• _What is expected_
Would you please write out each entry precisely as given?
--- START ---
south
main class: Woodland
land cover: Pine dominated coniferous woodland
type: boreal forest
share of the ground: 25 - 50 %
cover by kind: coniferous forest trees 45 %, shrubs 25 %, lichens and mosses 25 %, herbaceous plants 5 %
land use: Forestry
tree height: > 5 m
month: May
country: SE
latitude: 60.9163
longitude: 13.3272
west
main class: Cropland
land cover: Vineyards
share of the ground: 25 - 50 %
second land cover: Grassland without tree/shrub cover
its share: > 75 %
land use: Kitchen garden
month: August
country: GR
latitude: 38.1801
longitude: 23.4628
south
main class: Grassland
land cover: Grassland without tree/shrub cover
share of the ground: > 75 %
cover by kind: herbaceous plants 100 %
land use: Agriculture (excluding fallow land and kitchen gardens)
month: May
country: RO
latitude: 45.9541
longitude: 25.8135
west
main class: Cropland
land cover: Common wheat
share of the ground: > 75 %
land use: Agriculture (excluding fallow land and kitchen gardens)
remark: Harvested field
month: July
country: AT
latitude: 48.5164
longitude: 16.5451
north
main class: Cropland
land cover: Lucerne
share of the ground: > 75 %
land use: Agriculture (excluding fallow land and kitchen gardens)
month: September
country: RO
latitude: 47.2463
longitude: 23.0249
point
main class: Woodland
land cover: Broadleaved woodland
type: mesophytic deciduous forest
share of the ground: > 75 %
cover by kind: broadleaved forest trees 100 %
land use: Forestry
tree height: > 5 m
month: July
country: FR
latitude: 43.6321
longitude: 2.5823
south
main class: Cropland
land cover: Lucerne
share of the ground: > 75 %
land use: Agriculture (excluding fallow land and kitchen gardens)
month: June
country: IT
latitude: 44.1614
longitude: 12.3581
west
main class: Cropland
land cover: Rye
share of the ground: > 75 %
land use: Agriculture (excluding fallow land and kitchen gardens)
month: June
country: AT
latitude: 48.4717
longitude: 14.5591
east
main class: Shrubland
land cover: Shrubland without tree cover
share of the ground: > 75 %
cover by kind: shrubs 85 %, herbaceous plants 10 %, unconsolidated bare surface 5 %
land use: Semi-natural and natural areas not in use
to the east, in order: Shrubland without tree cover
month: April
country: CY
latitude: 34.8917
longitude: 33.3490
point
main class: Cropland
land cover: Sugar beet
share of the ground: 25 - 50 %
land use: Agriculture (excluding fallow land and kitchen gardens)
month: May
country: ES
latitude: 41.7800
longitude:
--- END ---
• _Result_
south
main class: Woodland
land cover: Pine dominated coniferous woodland
type: boreal forest
share of the ground: 25 - 50 %
cover by kind: coniferous forest trees 45 %, shrubs 25 %, lichens and mosses 25 %, herbaceous plants 5 %
land use: Forestry
tree height: > 5 m
month: May
country: SE
latitude: 60.9163
longitude: 13.3272
west
main class: Cropland
land cover: Vineyards
share of the ground: 25 - 50 %
second land cover: Grassland without tree/shrub cover
its share: > 75 %
land use: Kitchen garden
month: August
country: GR
latitude: 38.1801
longitude: 23.4628
south
main class: Grassland
land cover: Grassland without tree/shrub cover
share of the ground: > 75 %
cover by kind: herbaceous plants 100 %
land use: Agriculture (excluding fallow land and kitchen gardens)
month: May
country: RO
latitude: 45.9541
longitude: 25.8135
west
main class: Cropland
land cover: Common wheat
share of the ground: > 75 %
land use: Agriculture (excluding fallow land and kitchen gardens)
remark: Harvested field
month: July
country: AT
latitude: 48.5164
longitude: 16.5451
north
main class: Cropland
land cover: Lucerne
share of the ground: > 75 %
land use: Agriculture (excluding fallow land and kitchen gardens)
month: September
country: RO
latitude: 47.2463
longitude: 23.0249
point
main class: Woodland
land cover: Broadleaved woodland
type: mesophytic deciduous forest
share of the ground: > 75 %
cover by kind: broadleaved forest trees 100 %
land use: Forestry
tree height: > 5 m
month: July
country: FR
latitude: 43.6321
longitude: 2.5823
south
main class: Cropland
land cover: Lucerne
share of the ground: > 75 %
land use: Agriculture (excluding fallow land and kitchen gardens)
month: June
country: IT
latitude: 44.1614
longitude: 12.3581
west
main class: Cropland
land cover: Rye
share of the ground: > 75 %
land use: Agriculture (excluding fallow land and kitchen gardens)
month: June
country: AT
latitude: 48.4717
longitude: 14.5591
east
main class: Shrubland
land cover: Shrubland without tree cover
share of the ground: > 75 %
cover by kind: shrubs 85 %, herbaceous plants 10 %, unconsolidated bare surface 5 %
land use: Semi-natural and natural areas not in use
to the east, in order: Shrubland without tree cover
month: April
country: CY
latitude: 34.8917
longitude: 33.3490
point
main class: Cropland
land cover: Sugar beet
share of the ground: 25 - 50 %
land use: Agriculture (excluding fallow land and kitchen gardens)
month: May
country: ES
latitude: 41.7800
longitude:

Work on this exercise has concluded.